6) Go to the General tab and check the box that says - Expose daemon on tcp://localhost:2375 without TLS. This allows connections from development tools like PyCharm. Warning: This step may require turning off any 3rd party Anti-virus software.

Optionally: Uncheck the box which says Start Docker Desktop when you log in, as this program may slow down startup.

7) Go to the "Shared Drives" tab and check the box for whichever drive the project resides in (this is to allow volume mounting).
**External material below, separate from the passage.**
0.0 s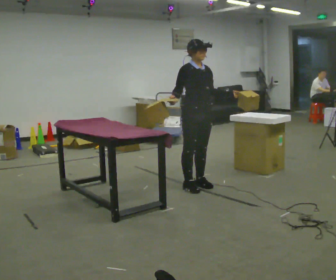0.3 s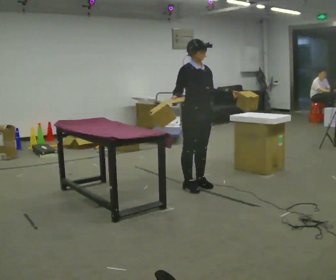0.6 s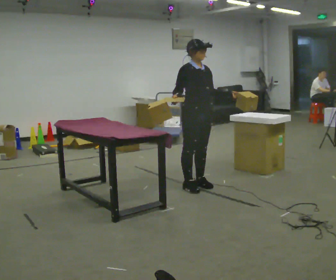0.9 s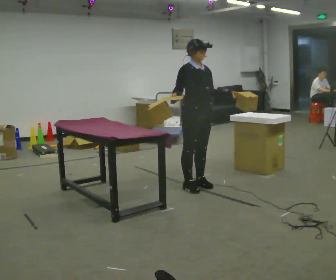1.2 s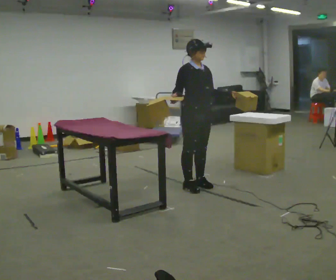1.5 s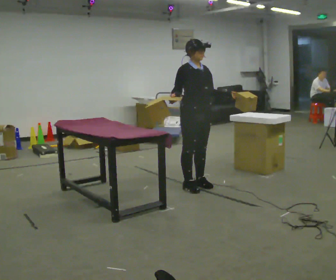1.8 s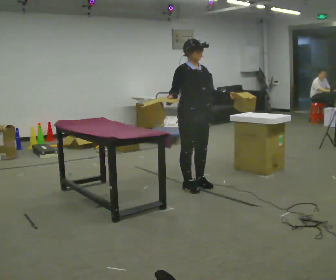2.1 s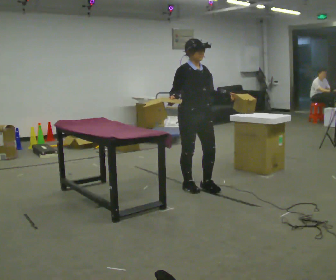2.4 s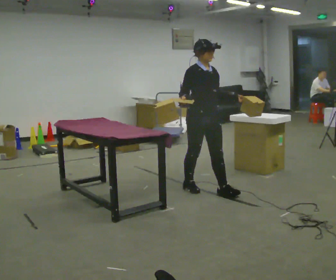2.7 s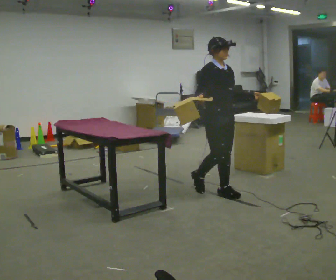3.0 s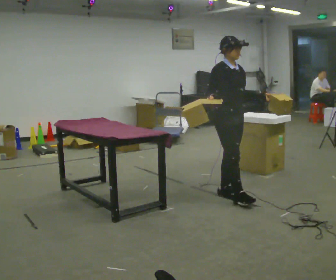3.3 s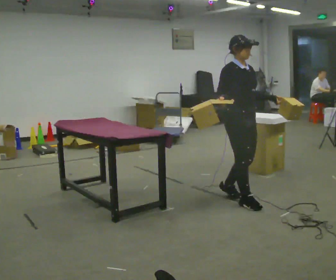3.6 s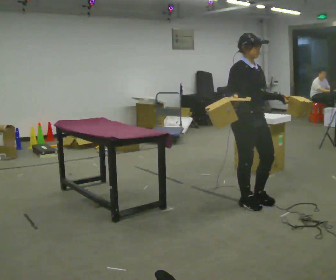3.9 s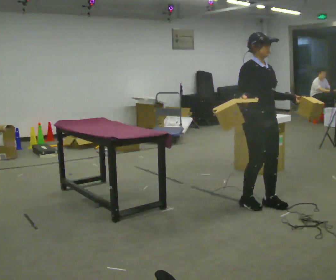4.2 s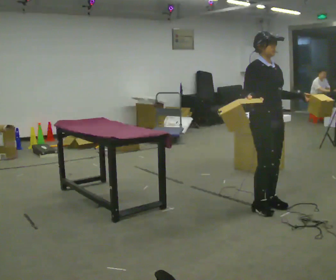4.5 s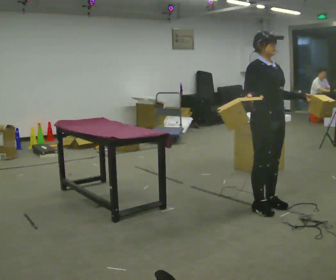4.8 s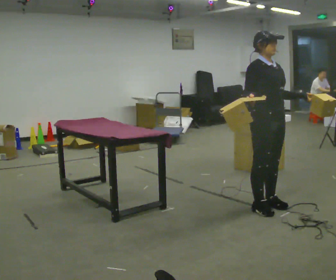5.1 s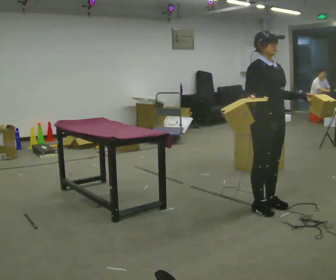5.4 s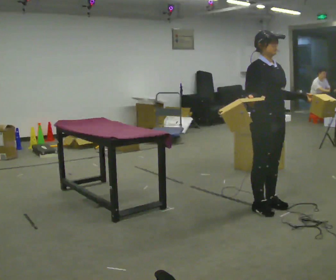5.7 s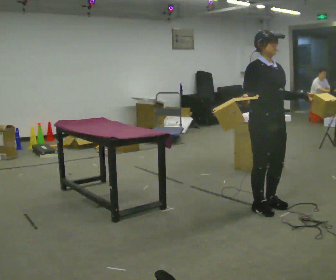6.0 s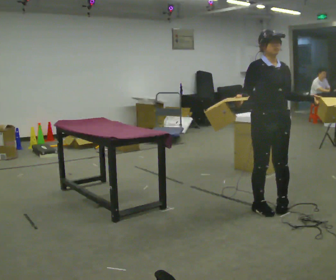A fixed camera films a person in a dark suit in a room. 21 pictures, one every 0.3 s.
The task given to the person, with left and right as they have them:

8) Restart the computer for good measure.

9) Make sure Docker is running in the system tray.

10) Run this command to ensure a functioning install: docker run hello-world

For Linux

Getting Docker to work on Linux is pretty straightforward. Just follow the steps in the official documentation:

https://docs.docker.com/install/linux/docker-ce/ubuntu/

IDE Tips

From personal experience; PyCharm works best for Dockerized Python applications. VS Code is also great, but as of April 2019, it lacks the ability to use the container's Python interpreter. To get around this problem, a virtual environment can be made using the provided requirements.txt file. This environment's interpreter can then aid in development, however, this is just an easy workaround and will be rendered unnecessary with upcoming updates to VS Code. A terminal (like GitBash) can also be used rather easily, since the project uses a docker-compose file to automate all the configurations.

Recent Changes

  • Configured the project to run in a container environment using Docker.
  • Fixed minor issues with the visualization dashboards.
  • Automated project installation by creating setup.py.

What the code does

  • Cleans up the default data set as it requires pre-processing.
  • Implements 'Dataset' and 'Subject' classes (these set the stage for accessing all the data for any subject).
  • Implements web-based dashboards for data visualization.
  • Generates 51 time-domain features using a sliding window.
  • Applies super-sampling to counter class imbalance.
  • Applies recursive feature elimination with cross validation to select the best features.
  • Trains a Random Forest Classifier and Data Normalization Model.
  • Exports the trained models for deployment.

Note:

  • Read the in-code documentation to follow along with what is being done.